Hackers and cyber thieves are growing in number and in the sophistication of their attacks. Attacks that do not require hackers to directly breach systems – fileless attacks – are ten times more likely to succeed than file-based attacks.  These fileless attacks, also known as zero-footprint, macro, or non-malware attacks use legitimate applications or even the operating system. These types of attacks don't install new software on a user's computer, so antivirus tools are more likely to miss them. 

Cyber thieves are setting their sights higher, as well, shutting down systems and demanding expensive ransoms.

In 2017, the insurance world saw the significant threat of ransomware in the forms of Petya, NotPetya, and WannaCry malware attacks that infected computer systems in over 150 countries and ground operations to a halt across numerous industries, including universities, hospitals, shipping companies, and governments.

While the exact losses associated with these events may never be known, estimates for the NotPetya attack stand at $10 billion; the total from the WannaCry attack, $4 billion.
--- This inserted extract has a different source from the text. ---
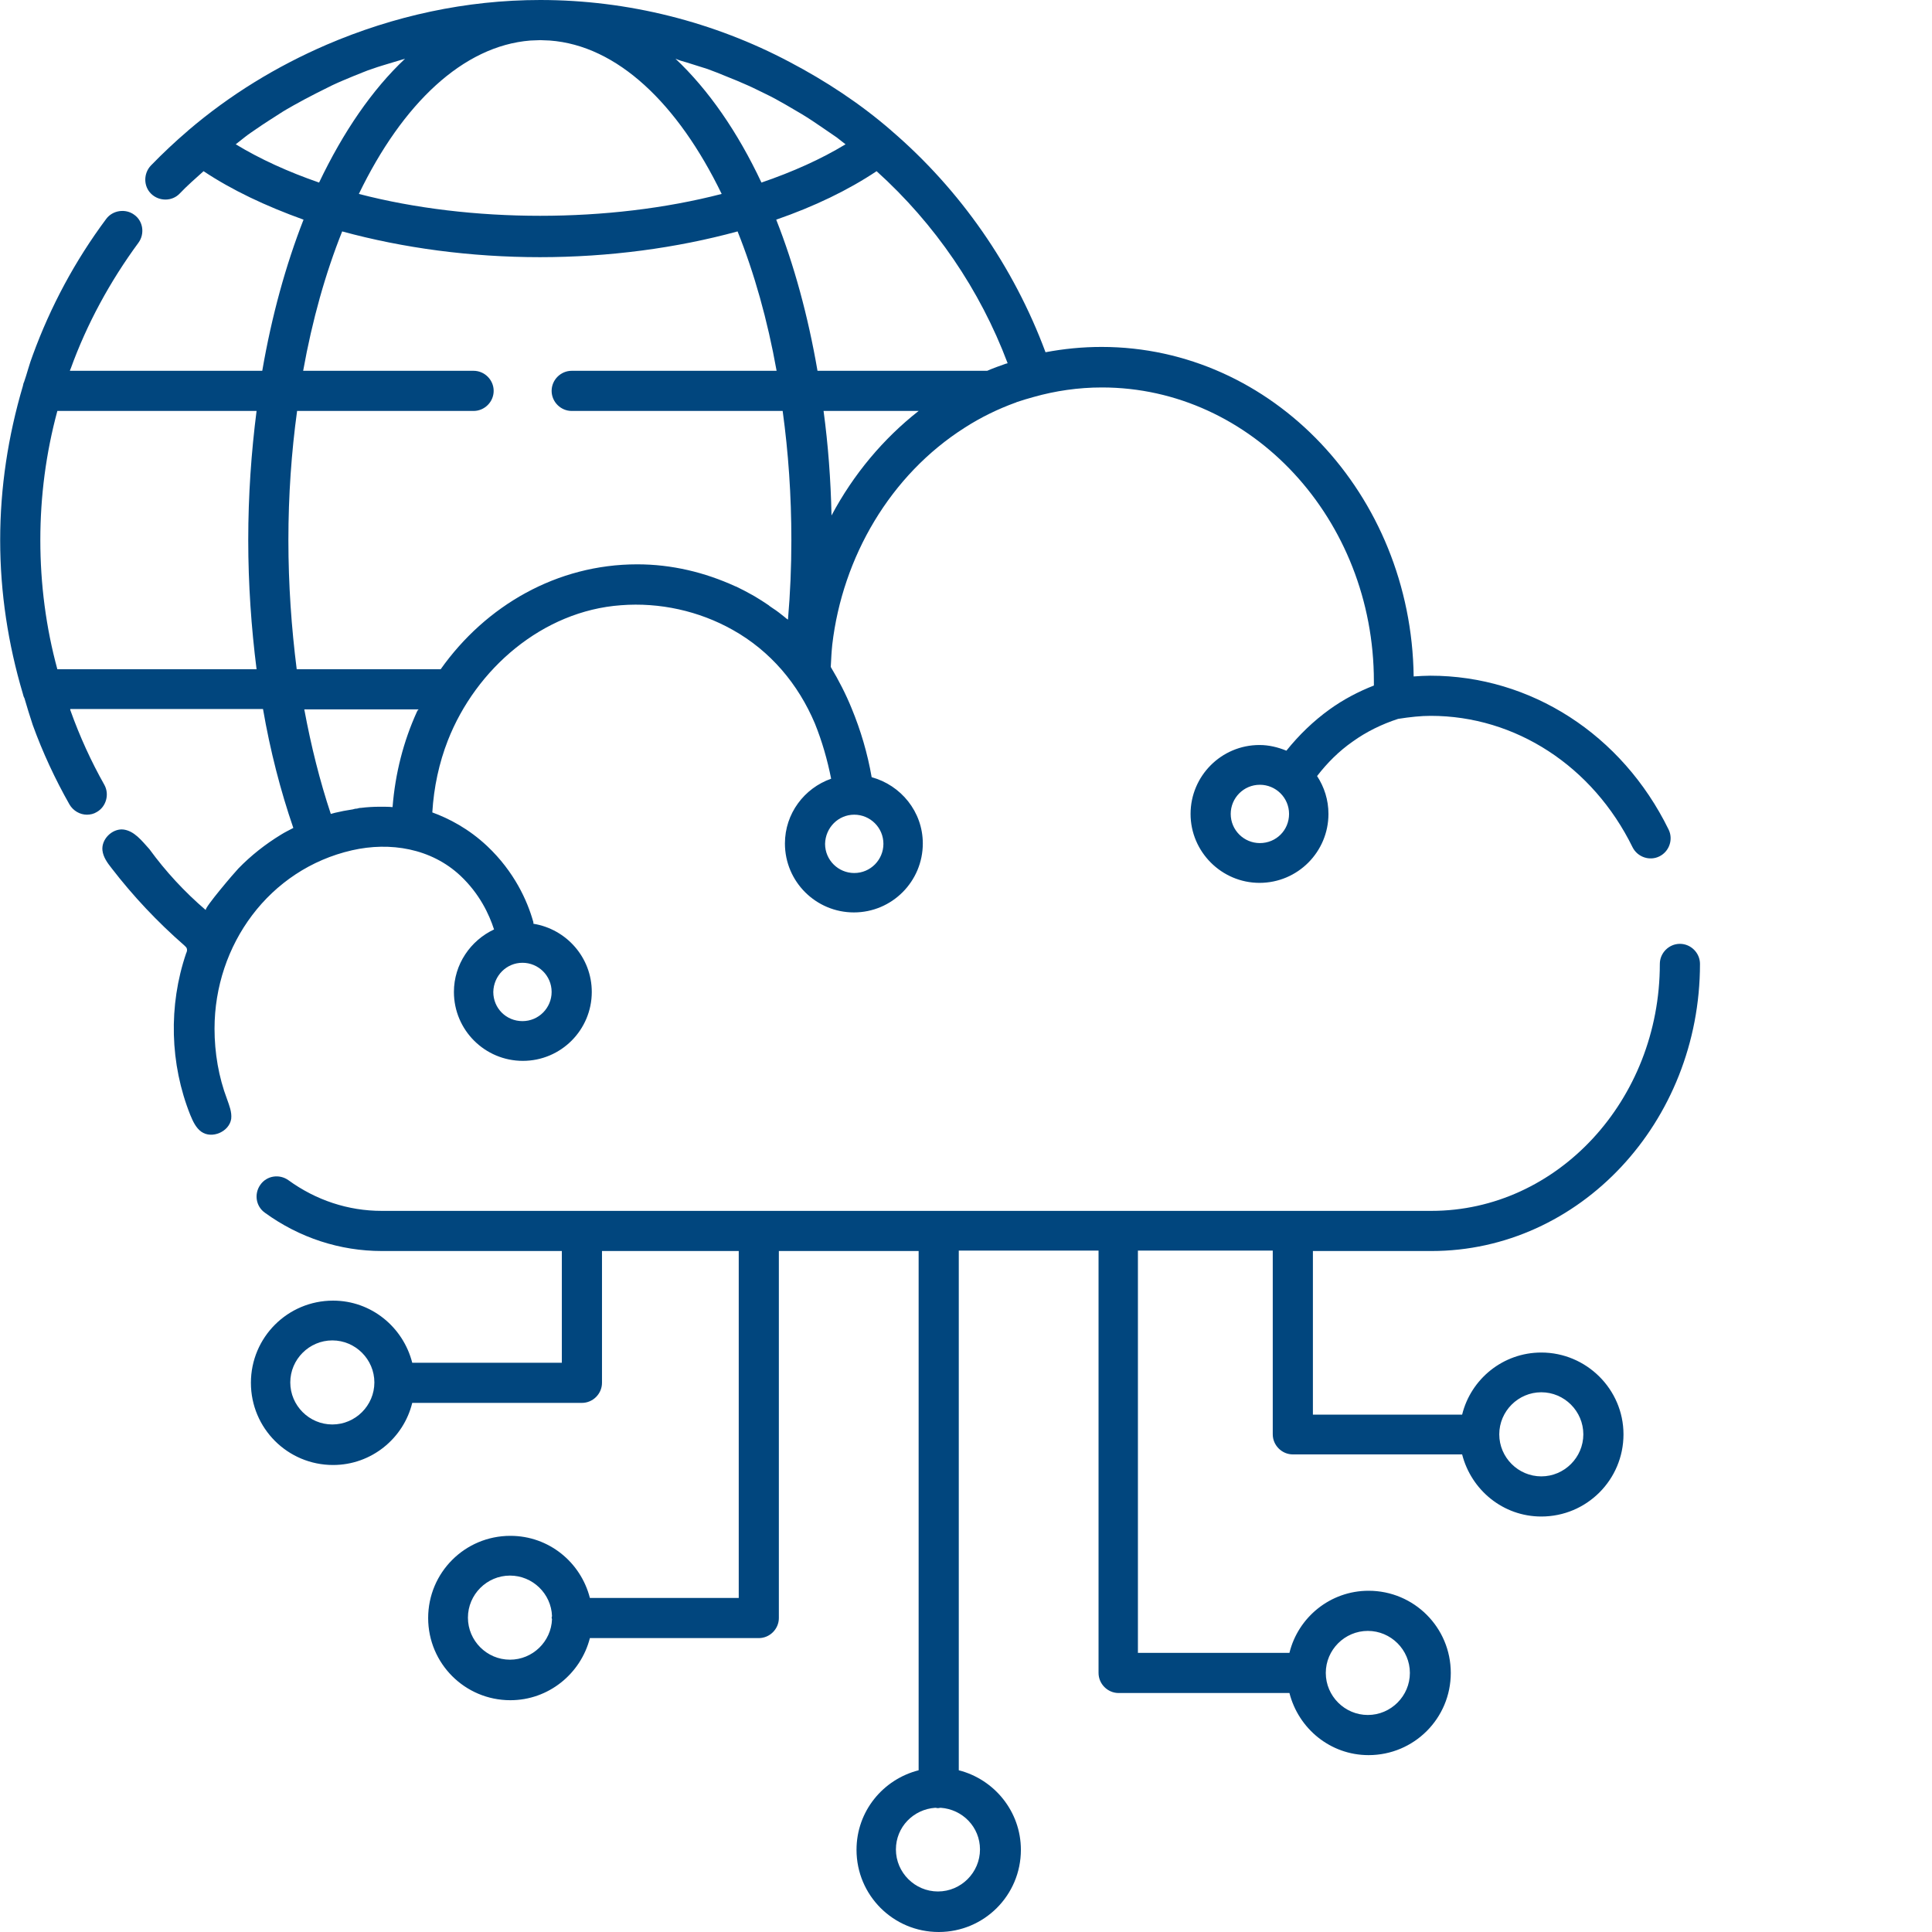 <svg xmlns="http://www.w3.org/2000/svg" xmlns:xlink="http://www.w3.org/1999/xlink" width="400" viewBox="0 0 300 300" height="400" preserveAspectRatio="xMidYMid meet"><path fill="#01467e" d="M 239.332 210.02 C 233.391 210.02 228.395 214.133 227.039 219.664 L 203.867 219.664 L 203.867 194.258 L 222.277 194.258 C 245.273 194.258 263.973 174.262 263.973 149.676 C 263.973 147.973 262.562 146.559 260.855 146.559 C 259.152 146.559 257.738 147.973 257.738 149.676 C 257.738 170.848 241.801 188.023 222.277 188.023 L 59.25 188.023 C 54.074 188.023 49.074 186.375 44.781 183.258 C 43.371 182.258 41.43 182.551 40.43 183.965 C 39.43 185.375 39.723 187.316 41.137 188.316 C 46.488 192.199 52.781 194.258 59.309 194.258 L 87.242 194.258 L 87.242 211.605 L 64.012 211.605 C 62.602 206.078 57.66 201.961 51.723 201.961 C 44.664 201.961 38.961 207.664 38.961 214.723 C 38.961 221.781 44.664 227.484 51.723 227.484 C 57.66 227.484 62.66 223.367 64.012 217.84 L 90.359 217.84 C 92.066 217.84 93.477 216.43 93.477 214.723 L 93.477 194.258 L 114.711 194.258 L 114.711 248.129 L 91.598 248.129 C 90.184 242.598 85.246 238.484 79.246 238.484 C 72.188 238.484 66.484 244.188 66.484 251.246 C 66.484 258.301 72.188 264.008 79.246 264.008 C 85.188 264.008 90.184 259.891 91.598 254.363 L 117.828 254.363 C 119.531 254.363 120.941 252.949 120.941 251.246 L 120.941 194.258 L 142.645 194.258 L 142.645 274.887 C 137.117 276.297 133 281.238 133 287.238 C 133 294.297 138.703 300 145.762 300 C 152.82 300 158.523 294.297 158.523 287.238 C 158.523 281.297 154.406 276.297 148.879 274.887 L 148.879 194.195 L 170.582 194.195 L 170.582 259.773 C 170.582 261.477 171.992 262.891 173.699 262.891 L 200.223 262.891 C 201.633 268.418 206.574 272.535 212.512 272.535 C 219.57 272.535 225.277 266.828 225.277 259.773 C 225.277 252.715 219.57 247.012 212.512 247.012 C 206.574 247.012 201.574 251.129 200.223 256.656 L 176.695 256.656 L 176.695 194.195 L 197.633 194.195 L 197.633 222.723 C 197.633 224.426 199.047 225.84 200.75 225.84 L 227.039 225.84 C 228.453 231.367 233.391 235.484 239.332 235.484 C 246.391 235.484 252.094 229.777 252.094 222.723 C 252.094 215.723 246.332 210.02 239.332 210.02 Z M 51.605 221.191 C 48.016 221.191 45.074 218.25 45.074 214.664 C 45.074 211.078 48.016 208.137 51.605 208.137 C 55.191 208.137 58.133 211.078 58.133 214.664 C 58.133 218.25 55.191 221.191 51.605 221.191 Z M 85.715 251.422 C 85.598 254.891 82.715 257.715 79.188 257.715 C 75.598 257.715 72.66 254.773 72.66 251.188 C 72.66 247.598 75.598 244.656 79.188 244.656 C 82.715 244.656 85.598 247.48 85.715 250.949 C 85.715 251.008 85.656 251.07 85.656 251.188 C 85.656 251.305 85.715 251.363 85.715 251.422 Z M 152.172 287.18 C 152.172 290.766 149.23 293.707 145.645 293.707 C 142.059 293.707 139.117 290.766 139.117 287.18 C 139.117 283.711 141.82 280.945 145.234 280.711 C 145.352 280.711 145.527 280.77 145.645 280.77 C 145.762 280.77 145.938 280.711 146.055 280.711 C 149.469 280.945 152.172 283.711 152.172 287.18 Z M 212.395 253.246 C 215.984 253.246 218.926 256.184 218.926 259.773 C 218.926 263.359 215.984 266.301 212.395 266.301 C 208.809 266.301 205.867 263.359 205.867 259.773 C 205.867 256.184 208.809 253.246 212.395 253.246 Z M 239.332 229.25 C 235.746 229.25 232.805 226.309 232.805 222.723 C 232.805 219.133 235.746 216.191 239.332 216.191 C 242.918 216.191 245.859 219.133 245.859 222.723 C 245.859 226.309 242.918 229.25 239.332 229.25 Z M 33.312 159.734 C 33.312 146.734 41.781 134.973 54.664 132.031 C 60.602 130.68 66.953 131.738 71.484 135.973 C 74.48 138.797 75.953 141.973 76.715 144.324 C 73.07 146.031 70.484 149.734 70.484 154.027 C 70.484 159.969 75.305 164.73 81.188 164.73 C 87.125 164.73 91.891 159.91 91.891 154.027 C 91.891 148.676 87.949 144.266 82.832 143.441 C 82.832 143.324 82.832 143.148 82.773 143.031 C 81.891 139.914 79.891 135.387 75.656 131.387 C 72.777 128.68 69.719 127.094 67.129 126.152 C 67.367 122.211 68.188 118.449 69.543 114.977 C 73.895 103.863 84.246 94.863 96.418 93.98 C 102.418 93.512 108.535 94.863 113.77 97.805 C 119.648 101.098 123.941 106.215 126.531 112.332 C 127.648 115.094 128.473 117.977 129.059 120.918 C 124.883 122.387 121.883 126.328 121.883 130.973 C 121.883 136.914 126.707 141.68 132.59 141.68 C 138.527 141.68 143.293 136.855 143.293 130.973 C 143.293 126.035 139.879 121.918 135.352 120.684 C 134.707 116.977 133.648 113.391 132.234 109.977 C 131.352 107.801 130.234 105.625 129 103.566 C 129.059 102.391 129.117 101.215 129.234 100.098 C 130.824 86.512 138.234 73.75 149.82 66.398 C 152.289 64.812 154.938 63.516 157.699 62.516 C 157.758 62.516 157.758 62.516 157.82 62.457 C 158.699 62.164 159.641 61.871 160.523 61.637 C 163.875 60.695 167.406 60.164 171.109 60.164 C 194.398 60.164 213.336 80.633 213.336 105.805 C 213.336 106.039 213.336 106.215 213.336 106.449 C 210.926 107.391 208.574 108.625 206.457 110.156 C 203.926 111.977 201.691 114.152 199.75 116.566 C 198.457 116.035 197.047 115.684 195.574 115.684 C 189.637 115.684 184.871 120.504 184.871 126.387 C 184.871 132.27 189.695 137.09 195.574 137.09 C 201.516 137.09 206.281 132.27 206.281 126.387 C 206.281 124.211 205.633 122.211 204.516 120.504 C 206.102 118.449 207.926 116.625 210.043 115.152 C 212.16 113.625 214.57 112.449 217.102 111.625 C 218.984 111.332 220.629 111.156 222.16 111.156 C 235.332 111.156 247.332 118.977 253.504 131.562 C 254.27 133.09 256.152 133.738 257.68 132.973 C 259.211 132.211 259.855 130.328 259.094 128.797 C 251.859 114.035 237.684 104.922 222.102 104.922 C 221.277 104.922 220.395 104.98 219.512 105.039 C 219.16 76.75 197.574 53.871 171.051 53.871 C 168.051 53.871 165.172 54.164 162.348 54.695 C 157.406 41.402 149.113 29.465 138.41 20.289 C 138.41 20.289 138.352 20.23 138.352 20.23 C 133.527 16.055 128.234 12.586 122.648 9.645 C 110.887 3.41 97.535 0 83.891 0 C 72.363 0 61.133 2.469 50.723 6.941 C 42.957 10.293 35.727 14.703 29.254 20.23 C 29.254 20.23 29.195 20.289 29.195 20.289 C 27.195 21.996 25.258 23.82 23.434 25.699 C 22.258 26.938 22.258 28.934 23.492 30.113 C 24.727 31.289 26.727 31.289 27.902 30.055 C 29.078 28.816 30.371 27.699 31.609 26.582 C 36.02 29.523 41.254 31.992 47.133 34.109 C 44.371 41.168 42.195 49.051 40.723 57.578 L 10.848 57.578 C 10.906 57.461 10.906 57.34 10.965 57.281 C 13.492 50.285 17.082 43.699 21.492 37.699 C 22.492 36.348 22.258 34.348 20.844 33.348 C 19.492 32.348 17.492 32.641 16.492 33.992 C 11.672 40.461 7.848 47.578 5.082 55.164 C 4.555 56.52 4.203 57.988 3.73 59.34 C 3.613 59.52 3.613 59.754 3.555 59.93 C 1.262 67.691 0.027 75.691 0.027 83.867 C 0.027 92.039 1.262 100.039 3.555 107.742 C 3.613 107.98 3.672 108.215 3.789 108.391 C 4.203 109.801 4.613 111.156 5.082 112.566 C 6.613 116.801 8.555 120.977 10.789 124.918 C 11.375 125.918 12.434 126.504 13.492 126.504 C 14.023 126.504 14.551 126.387 15.023 126.094 C 16.492 125.27 17.023 123.328 16.199 121.859 C 14.141 118.211 12.375 114.332 10.965 110.391 C 10.906 110.273 10.906 110.215 10.906 110.098 L 40.84 110.098 C 41.957 116.566 43.547 122.742 45.547 128.562 C 44.898 128.914 44.254 129.211 43.605 129.621 C 41.195 131.094 38.961 132.855 37.02 134.855 C 36.547 135.328 31.609 141.09 31.961 141.324 C 28.668 138.504 25.727 135.328 23.199 131.855 C 22.023 130.562 20.844 128.977 19.082 128.797 C 17.375 128.68 15.73 130.328 15.906 132.031 C 16.023 133.09 16.668 133.973 17.316 134.797 C 20.668 139.148 24.434 143.148 28.609 146.793 C 28.785 146.973 28.961 147.09 29.02 147.324 C 29.078 147.559 29.02 147.793 28.902 148.031 C 26.137 156.145 26.375 165.203 29.551 173.141 C 29.961 174.141 30.434 175.141 31.254 175.73 C 32.902 176.906 35.605 175.73 35.902 173.73 C 36.02 172.672 35.605 171.672 35.254 170.672 C 33.961 167.262 33.312 163.496 33.312 159.734 Z M 81.129 149.5 C 83.598 149.5 85.656 151.5 85.656 154.027 C 85.656 156.5 83.656 158.559 81.129 158.559 C 78.598 158.559 76.598 156.559 76.598 154.027 C 76.656 151.5 78.656 149.5 81.129 149.5 Z M 195.633 130.914 C 193.164 130.914 191.105 128.914 191.105 126.387 C 191.105 123.918 193.105 121.859 195.633 121.859 C 198.105 121.859 200.164 123.859 200.164 126.387 C 200.164 128.914 198.164 130.914 195.633 130.914 Z M 8.906 103.922 C 7.141 97.453 6.262 90.688 6.262 83.867 C 6.262 77.043 7.141 70.34 8.906 63.812 L 39.84 63.812 C 39.02 70.223 38.547 76.926 38.547 83.867 C 38.547 90.688 39.02 97.453 39.84 103.922 Z M 64.719 110.566 C 62.66 115.094 61.367 120.094 60.957 125.328 C 60.367 125.27 59.777 125.27 59.25 125.27 C 59.133 125.27 59.074 125.27 58.957 125.27 C 58.016 125.27 57.016 125.328 56.074 125.445 C 55.84 125.445 55.602 125.504 55.426 125.562 C 55.191 125.562 54.957 125.621 54.781 125.68 C 54.309 125.738 53.84 125.859 53.367 125.918 C 52.898 126.035 52.484 126.094 52.016 126.211 C 51.781 126.27 51.605 126.328 51.367 126.387 C 49.664 121.27 48.309 115.859 47.25 110.156 L 65.012 110.156 C 64.836 110.273 64.777 110.449 64.719 110.566 Z M 132.648 126.504 C 135.117 126.504 137.176 128.504 137.176 131.031 C 137.176 133.504 135.176 135.562 132.648 135.562 C 130.176 135.562 128.117 133.562 128.117 131.031 C 128.176 128.504 130.176 126.504 132.648 126.504 Z M 129.117 80.043 C 129 74.457 128.59 69.047 127.883 63.812 L 142.645 63.812 C 137.176 68.105 132.527 73.633 129.117 80.043 Z M 156.465 56.402 C 156.406 56.402 156.348 56.461 156.23 56.461 C 155.23 56.812 154.23 57.164 153.289 57.578 L 126.941 57.578 C 125.473 49.051 123.297 41.109 120.531 34.109 C 126.473 32.051 131.707 29.523 136.117 26.582 C 145.176 34.758 152.172 44.992 156.465 56.402 Z M 106.652 9.703 C 107.711 10.059 108.77 10.352 109.828 10.703 C 110.828 11.059 111.828 11.469 112.828 11.879 C 113.887 12.293 115.004 12.762 116.062 13.234 C 117.004 13.645 117.887 14.113 118.766 14.527 C 119.883 15.055 120.941 15.645 122.062 16.289 C 122.883 16.762 123.648 17.23 124.473 17.703 C 125.648 18.406 126.766 19.172 127.883 19.938 C 128.59 20.406 129.234 20.879 129.941 21.348 C 130.41 21.703 130.824 22.055 131.293 22.406 C 127.531 24.699 123.062 26.699 118.238 28.348 C 114.531 20.465 110.004 13.938 104.887 9.117 C 105.418 9.352 106.004 9.527 106.652 9.703 Z M 82.363 6.293 C 82.891 6.293 83.363 6.234 83.891 6.234 C 84.363 6.234 84.891 6.293 85.363 6.293 C 95.832 7.059 105.242 16.055 112.062 30.113 C 94.594 34.641 73.129 34.641 55.723 30.113 C 62.484 16.113 71.895 7.117 82.363 6.293 Z M 36.605 22.406 C 37.078 22.055 37.547 21.645 38.02 21.289 C 38.605 20.82 39.254 20.406 39.84 19.996 C 41.02 19.172 42.254 18.406 43.43 17.645 C 44.137 17.172 44.898 16.762 45.605 16.352 C 46.781 15.703 47.957 15.055 49.133 14.469 C 49.957 14.055 50.781 13.645 51.605 13.234 C 52.723 12.703 53.898 12.234 55.016 11.762 C 55.957 11.41 56.84 10.996 57.777 10.703 C 58.898 10.293 60.016 9.996 61.133 9.645 C 61.719 9.469 62.309 9.293 62.895 9.117 C 57.777 13.938 53.309 20.465 49.547 28.348 C 44.781 26.699 40.371 24.699 36.605 22.406 Z M 44.781 83.867 C 44.781 76.926 45.254 70.223 46.133 63.812 L 73.539 63.812 C 75.246 63.812 76.656 62.398 76.656 60.695 C 76.656 58.988 75.246 57.578 73.539 57.578 L 47.074 57.578 C 48.488 49.695 50.547 42.402 53.133 35.934 C 62.602 38.523 73.129 39.934 83.832 39.934 C 94.535 39.934 105.062 38.523 114.531 35.934 C 117.121 42.402 119.18 49.695 120.59 57.578 L 88.773 57.578 C 87.066 57.578 85.656 58.988 85.656 60.695 C 85.656 62.398 87.066 63.812 88.773 63.812 L 121.531 63.812 C 122.414 70.223 122.883 76.926 122.883 83.867 C 122.883 88.043 122.707 92.16 122.355 96.215 C 122.18 96.098 122.004 95.98 121.824 95.805 C 121.238 95.336 120.648 94.863 120.004 94.453 C 119.766 94.277 119.531 94.156 119.355 93.98 C 118.648 93.512 117.945 93.039 117.238 92.629 C 117.121 92.57 116.945 92.453 116.828 92.395 C 116.004 91.922 115.18 91.512 114.355 91.102 C 114.297 91.102 114.238 91.039 114.18 91.039 C 109.418 88.863 104.301 87.629 98.949 87.629 C 86.48 87.629 75.422 94.039 68.426 103.922 L 46.074 103.922 C 45.254 97.453 44.781 90.746 44.781 83.867 Z M 44.781 83.867 " fill-opacity="1" fill-rule="nonzero"></path></svg>

Some estimates have the Petya attack costing 10 times that of WannaCry.

Even with such high-profile cyberattacks, the market for cyber insurance is still flush with availability. With more demand for cyber coverage coming from buyers and relatively few major cyber loss events, the number of carriers offering cyber coverage has grown significantly; there are 170 carriers writing cyber liability, with 30 new market entrants this year and 26 new entrants in 2016. As a result, pricing has remained low and capacity is plentiful.

2018: Risks up close

The abundance of coverage does not indicate a lack of risks, instead, quite the opposite.   2018 brought these changes to the cyber market:

  • Increased Ransomware Attacks While last year’s major ransomware attacks did not impact the US market significantly in terms of their severity, the increase in the frequency of these attacks is cause for concern. Today, most cyber breaches are ransomware attacks. The reason: the ransoms have gone up exponentially. When ransomware attacks first appeared, most ransom demands were low enough to avoid a police investigation: typically, $300. However, in 2018 the industry saw ransom demands increase to an average of $30,000 to $50,000. In one case, cyber thieves demanded a $500,000 ransom. 
  • More Sophisticated Thieves Social engineering hit its stride in 2018. Hackers turned their attentions away from hacking into systems to using reconnaissance on individuals within a company to breach security measures for financial gain. By convincing employees or IT departments that a system access request is coming from the CEO who is traveling in another country, hackers were able to gain easy entry and carry out their plans.
  • A New Regulatory Environment As ransomware attacks increase, so will the risks of exposing customer and company data. The General Data Protection Regulation (GDPR) took effect in May 2018, putting pressure on companies across the globe to protect the data of EU citizens. As domestic companies looked to cover their exposure, the states began to enact their own privacy regulations. The California Consumer Privacy Act of 2018 (CCPA) gives consumers comprehensive control over their personal data and puts additional pressure on companies to ensure that personal information is protected.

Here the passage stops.